WASHINGTON — The U.S. government is directly supplying weapons to Peshmerga fighters from Iraq’s semiautonomous Kurdish region to help them fight Sunni militants, in a deepening of America’s military involvement in Iraq, U.S. government sources said on Monday.

The weapons shipments to Arbil, capital of Iraqi Kurdistan, come as Kurdish fighters struggle to stem advances by militants from the Islamic State, an al Qaeda offshoot.

U.S. government sources said the weapons were supplied by the Central Intelligence Agency but that the Department of Defense may soon start arming the Kurdish fighters, who regained control of two strategic towns in northern Iraq on Sunday with help from U.S. airstrikes.

Weapons have also been shipped in three deliveries from the Iraqi government in Baghdad to Arbil, consisting mostly of AK-47 assault rifles and ammunition, the U.S. officials said, declining to specify when they began.

Reuters reported on Friday that the Iraqi government had sent a first, unprecedented shipment of ammunition to Arbil.

Until recently, officials have said they were previously reluctant to give arms directly to the Kurds because of a desire to see Iraq remain a unified state and a hesitancy to do anything that might bolster Kurdish ambitions for autonomy.

President Barack Obama has faced growing criticism for being reluctant or too slow to intervene in thorny foreign policy issues which have piled up under his watch, including the dramatic rise of the Islamic State, which has seized control of large swathes of land in the north and west of Iraq.

A senior defense official acknowledged the U.S. was providing arms and ammunition needed by the Kurds but said it was not coming from the Department of Defense. Officials said the Pentagon was having discussions about how to increase its military support to the Kurds and could soon approve a decision to directly supply weapons.

The State Department said the government was “working” to provide arms directly to the Kurds, saying they needed them badly and the United States was doing what it could to accelerate deliveries.

“The government of Iraq has made deliveries from its own stocks to the Kurds and we are working to do the same in coordination with all the relevant parties,” State Department spokeswoman Marie Harf told reporters.

“The Kurds need additional arms. We are providing those.”

Just last week Washington launched its first military action in Iraq since pulling its troops out in 2011. U.S. warplanes bombed Sunni insurgents from the Islamic State, who have marched through northern and western Iraq since June.

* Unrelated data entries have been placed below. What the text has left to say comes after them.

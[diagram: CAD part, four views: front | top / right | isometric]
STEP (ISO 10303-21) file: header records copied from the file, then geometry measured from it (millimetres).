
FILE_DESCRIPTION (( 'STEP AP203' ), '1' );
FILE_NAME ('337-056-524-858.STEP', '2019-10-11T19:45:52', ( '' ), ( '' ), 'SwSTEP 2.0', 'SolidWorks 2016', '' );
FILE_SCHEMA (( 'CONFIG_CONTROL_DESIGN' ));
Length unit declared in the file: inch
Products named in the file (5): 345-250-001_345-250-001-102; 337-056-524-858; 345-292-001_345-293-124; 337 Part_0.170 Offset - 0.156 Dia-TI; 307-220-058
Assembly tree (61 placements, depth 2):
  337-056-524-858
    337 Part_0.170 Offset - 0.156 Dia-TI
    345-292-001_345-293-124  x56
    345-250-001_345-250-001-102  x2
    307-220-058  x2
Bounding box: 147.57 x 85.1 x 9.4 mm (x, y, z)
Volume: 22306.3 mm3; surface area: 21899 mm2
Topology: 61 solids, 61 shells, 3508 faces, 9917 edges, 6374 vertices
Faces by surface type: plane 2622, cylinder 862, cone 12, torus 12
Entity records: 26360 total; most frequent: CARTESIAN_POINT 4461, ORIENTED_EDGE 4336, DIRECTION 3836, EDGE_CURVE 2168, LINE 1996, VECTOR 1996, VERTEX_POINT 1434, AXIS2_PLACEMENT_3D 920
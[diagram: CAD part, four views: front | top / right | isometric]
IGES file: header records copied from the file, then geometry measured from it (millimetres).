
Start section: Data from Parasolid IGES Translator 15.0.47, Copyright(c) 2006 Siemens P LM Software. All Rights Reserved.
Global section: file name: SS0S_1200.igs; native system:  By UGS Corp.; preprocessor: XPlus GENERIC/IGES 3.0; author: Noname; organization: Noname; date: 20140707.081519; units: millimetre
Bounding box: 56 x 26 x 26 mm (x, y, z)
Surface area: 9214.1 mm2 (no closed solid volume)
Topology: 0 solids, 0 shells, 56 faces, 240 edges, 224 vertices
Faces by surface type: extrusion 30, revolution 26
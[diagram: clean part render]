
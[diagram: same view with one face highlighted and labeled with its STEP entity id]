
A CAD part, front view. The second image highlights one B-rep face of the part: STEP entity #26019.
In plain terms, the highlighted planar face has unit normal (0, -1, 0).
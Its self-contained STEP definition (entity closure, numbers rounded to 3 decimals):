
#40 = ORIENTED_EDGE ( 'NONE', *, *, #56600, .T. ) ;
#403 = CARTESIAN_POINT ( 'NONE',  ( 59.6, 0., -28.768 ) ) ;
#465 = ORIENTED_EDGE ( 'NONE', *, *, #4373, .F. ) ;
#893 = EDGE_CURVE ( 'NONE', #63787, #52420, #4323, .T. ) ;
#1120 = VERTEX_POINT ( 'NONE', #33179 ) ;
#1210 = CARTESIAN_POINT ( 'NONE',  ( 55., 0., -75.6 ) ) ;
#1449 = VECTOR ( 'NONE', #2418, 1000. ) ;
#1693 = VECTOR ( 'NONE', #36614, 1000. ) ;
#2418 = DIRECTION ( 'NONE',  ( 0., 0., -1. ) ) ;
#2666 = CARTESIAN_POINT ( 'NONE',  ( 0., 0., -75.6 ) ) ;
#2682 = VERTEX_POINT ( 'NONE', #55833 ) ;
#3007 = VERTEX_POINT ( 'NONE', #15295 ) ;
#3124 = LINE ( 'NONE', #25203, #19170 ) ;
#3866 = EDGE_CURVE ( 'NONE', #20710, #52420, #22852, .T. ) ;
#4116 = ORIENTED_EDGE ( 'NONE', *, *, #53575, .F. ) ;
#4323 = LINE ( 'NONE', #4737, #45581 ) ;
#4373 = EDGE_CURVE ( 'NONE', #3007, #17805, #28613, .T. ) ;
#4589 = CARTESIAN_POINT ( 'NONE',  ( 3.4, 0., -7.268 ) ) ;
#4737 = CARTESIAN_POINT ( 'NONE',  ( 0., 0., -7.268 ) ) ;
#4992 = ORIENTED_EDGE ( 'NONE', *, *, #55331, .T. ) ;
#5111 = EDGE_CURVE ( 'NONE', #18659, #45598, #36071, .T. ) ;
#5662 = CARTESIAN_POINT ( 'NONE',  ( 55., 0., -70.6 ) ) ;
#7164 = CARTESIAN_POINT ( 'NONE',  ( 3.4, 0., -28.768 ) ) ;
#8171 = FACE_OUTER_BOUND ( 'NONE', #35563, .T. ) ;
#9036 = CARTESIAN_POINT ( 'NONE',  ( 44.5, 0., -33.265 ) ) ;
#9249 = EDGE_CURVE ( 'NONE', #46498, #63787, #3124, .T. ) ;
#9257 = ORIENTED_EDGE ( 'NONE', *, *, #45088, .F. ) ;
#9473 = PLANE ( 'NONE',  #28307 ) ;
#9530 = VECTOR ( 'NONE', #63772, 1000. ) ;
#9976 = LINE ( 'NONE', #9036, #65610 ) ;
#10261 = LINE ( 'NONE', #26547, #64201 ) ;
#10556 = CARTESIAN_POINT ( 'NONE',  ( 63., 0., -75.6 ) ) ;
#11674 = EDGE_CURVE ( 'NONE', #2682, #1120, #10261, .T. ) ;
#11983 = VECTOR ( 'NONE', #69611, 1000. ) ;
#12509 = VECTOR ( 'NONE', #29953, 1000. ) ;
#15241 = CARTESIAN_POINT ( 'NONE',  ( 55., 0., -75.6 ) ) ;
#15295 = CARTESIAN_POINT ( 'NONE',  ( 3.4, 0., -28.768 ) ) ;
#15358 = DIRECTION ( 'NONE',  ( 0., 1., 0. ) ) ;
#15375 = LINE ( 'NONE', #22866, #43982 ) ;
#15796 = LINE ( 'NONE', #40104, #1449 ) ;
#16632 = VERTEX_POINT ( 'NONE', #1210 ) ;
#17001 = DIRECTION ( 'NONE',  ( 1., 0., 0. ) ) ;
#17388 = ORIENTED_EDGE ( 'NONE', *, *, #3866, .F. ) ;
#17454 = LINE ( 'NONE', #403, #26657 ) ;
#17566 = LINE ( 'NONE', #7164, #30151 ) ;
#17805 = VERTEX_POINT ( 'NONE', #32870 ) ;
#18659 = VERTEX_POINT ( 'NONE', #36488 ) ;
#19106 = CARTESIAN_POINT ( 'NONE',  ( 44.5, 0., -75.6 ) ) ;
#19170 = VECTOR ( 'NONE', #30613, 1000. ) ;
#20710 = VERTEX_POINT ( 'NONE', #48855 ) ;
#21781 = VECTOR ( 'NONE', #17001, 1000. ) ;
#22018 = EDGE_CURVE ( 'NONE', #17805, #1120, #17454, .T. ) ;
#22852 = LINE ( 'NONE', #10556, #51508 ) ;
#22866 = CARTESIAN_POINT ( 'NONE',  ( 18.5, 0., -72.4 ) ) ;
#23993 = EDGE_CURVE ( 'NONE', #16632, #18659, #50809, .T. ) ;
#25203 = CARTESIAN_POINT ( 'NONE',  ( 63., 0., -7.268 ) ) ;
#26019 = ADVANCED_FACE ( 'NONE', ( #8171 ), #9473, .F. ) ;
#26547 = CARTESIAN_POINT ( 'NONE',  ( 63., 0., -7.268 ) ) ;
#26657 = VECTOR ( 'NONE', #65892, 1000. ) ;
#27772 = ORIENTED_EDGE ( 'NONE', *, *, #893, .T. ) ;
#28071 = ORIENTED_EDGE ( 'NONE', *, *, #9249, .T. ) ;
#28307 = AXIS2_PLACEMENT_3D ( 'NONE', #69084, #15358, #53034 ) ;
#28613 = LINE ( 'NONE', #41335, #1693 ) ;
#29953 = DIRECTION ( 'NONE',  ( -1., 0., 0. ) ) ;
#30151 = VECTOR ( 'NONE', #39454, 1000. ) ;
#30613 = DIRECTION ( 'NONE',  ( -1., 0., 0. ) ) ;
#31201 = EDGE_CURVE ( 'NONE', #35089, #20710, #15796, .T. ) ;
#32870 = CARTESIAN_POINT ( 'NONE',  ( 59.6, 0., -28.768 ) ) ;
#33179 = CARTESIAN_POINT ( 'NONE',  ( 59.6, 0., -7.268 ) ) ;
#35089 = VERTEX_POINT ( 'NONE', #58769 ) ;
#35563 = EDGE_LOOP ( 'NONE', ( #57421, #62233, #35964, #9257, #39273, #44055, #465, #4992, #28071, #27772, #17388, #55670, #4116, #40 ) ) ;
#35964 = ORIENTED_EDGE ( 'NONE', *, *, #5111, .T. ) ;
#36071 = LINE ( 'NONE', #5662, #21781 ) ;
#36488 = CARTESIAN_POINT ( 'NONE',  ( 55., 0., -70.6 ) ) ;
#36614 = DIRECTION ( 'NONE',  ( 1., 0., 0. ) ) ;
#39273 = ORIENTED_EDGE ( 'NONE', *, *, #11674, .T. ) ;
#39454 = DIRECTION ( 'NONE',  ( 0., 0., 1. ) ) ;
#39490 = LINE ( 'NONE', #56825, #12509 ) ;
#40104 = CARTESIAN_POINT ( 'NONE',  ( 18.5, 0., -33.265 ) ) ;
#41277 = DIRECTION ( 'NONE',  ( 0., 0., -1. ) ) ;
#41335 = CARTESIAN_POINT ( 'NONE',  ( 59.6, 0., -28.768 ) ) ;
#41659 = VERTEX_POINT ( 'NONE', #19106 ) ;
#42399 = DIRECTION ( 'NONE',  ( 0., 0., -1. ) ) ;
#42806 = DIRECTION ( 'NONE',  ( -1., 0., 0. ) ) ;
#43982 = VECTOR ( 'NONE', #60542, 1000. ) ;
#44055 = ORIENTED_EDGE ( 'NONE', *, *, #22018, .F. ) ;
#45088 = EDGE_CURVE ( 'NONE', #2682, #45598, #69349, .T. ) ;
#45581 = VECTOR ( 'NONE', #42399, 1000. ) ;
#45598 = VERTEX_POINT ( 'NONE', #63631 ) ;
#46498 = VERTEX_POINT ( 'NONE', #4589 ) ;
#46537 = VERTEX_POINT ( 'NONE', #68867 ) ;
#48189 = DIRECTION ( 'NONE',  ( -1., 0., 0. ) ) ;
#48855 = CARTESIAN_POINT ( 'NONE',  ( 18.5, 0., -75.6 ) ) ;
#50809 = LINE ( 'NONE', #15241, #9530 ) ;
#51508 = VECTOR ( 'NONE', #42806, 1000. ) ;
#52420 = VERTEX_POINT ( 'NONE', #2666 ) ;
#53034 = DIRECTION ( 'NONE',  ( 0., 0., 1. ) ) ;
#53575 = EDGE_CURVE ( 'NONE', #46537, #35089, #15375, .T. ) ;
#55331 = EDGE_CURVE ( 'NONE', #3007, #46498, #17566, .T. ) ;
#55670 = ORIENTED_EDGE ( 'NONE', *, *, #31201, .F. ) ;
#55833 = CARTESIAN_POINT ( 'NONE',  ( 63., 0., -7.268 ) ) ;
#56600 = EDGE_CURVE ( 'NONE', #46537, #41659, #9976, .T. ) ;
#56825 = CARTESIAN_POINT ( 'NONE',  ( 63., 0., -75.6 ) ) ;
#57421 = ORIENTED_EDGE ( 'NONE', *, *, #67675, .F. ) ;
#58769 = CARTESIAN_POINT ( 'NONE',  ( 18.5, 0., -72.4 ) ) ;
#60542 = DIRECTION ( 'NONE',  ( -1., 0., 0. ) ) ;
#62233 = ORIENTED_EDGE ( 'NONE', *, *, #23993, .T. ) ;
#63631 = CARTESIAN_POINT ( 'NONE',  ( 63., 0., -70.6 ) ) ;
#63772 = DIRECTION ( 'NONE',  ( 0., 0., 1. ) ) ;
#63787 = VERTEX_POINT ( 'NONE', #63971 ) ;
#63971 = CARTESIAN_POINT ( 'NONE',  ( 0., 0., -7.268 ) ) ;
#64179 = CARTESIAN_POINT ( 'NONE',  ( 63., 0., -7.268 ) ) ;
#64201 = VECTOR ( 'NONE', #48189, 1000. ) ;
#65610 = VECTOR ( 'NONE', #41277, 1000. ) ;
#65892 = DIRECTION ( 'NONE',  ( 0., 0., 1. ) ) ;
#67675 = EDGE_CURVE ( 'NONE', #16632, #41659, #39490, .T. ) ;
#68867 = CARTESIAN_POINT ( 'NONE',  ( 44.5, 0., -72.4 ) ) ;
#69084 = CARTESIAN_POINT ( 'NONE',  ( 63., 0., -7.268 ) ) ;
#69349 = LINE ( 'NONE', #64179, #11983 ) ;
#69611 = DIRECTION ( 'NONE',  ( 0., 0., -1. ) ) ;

Washington says it is taking limited action to protect the Kurdish autonomous region and prevent what Obama called a potential “genocide” of religious minorities targeted by the militants.

The militants made new gains against Kurdish forces despite three days of airstrikes, while Baghdad, long braced for the Sunni fighters to attack, was now tensing for possible clashes between forces loyal to Prime Minister Nuri al-Maliki and those of his rivals after Iraq’s president named a new prime minister on Monday.

Obama says a more inclusive government in Baghdad is a precondition for more aggressive military support against the Islamic State. He has rejected calls in some quarters for a return of ground troops, apart from several hundred military advisers sent in June.

The Islamic State, which sees Shi’ites as heretics who deserve to be killed, has ruthlessly moved through one town after another, using tanks and heavy weapons it seized from soldiers who have fled in their thousands.

On Monday, police said the militants had seized the town of Jalawla, 70 miles northeast of Baghdad, after driving out the Kurds’ Peshmerga forces.

Washington and its European allies are considering requests for more direct military aid from the Kurds, who have themselves differed with Maliki over the division of oil resources and who took advantage of the Islamists’ advance to expand their territory.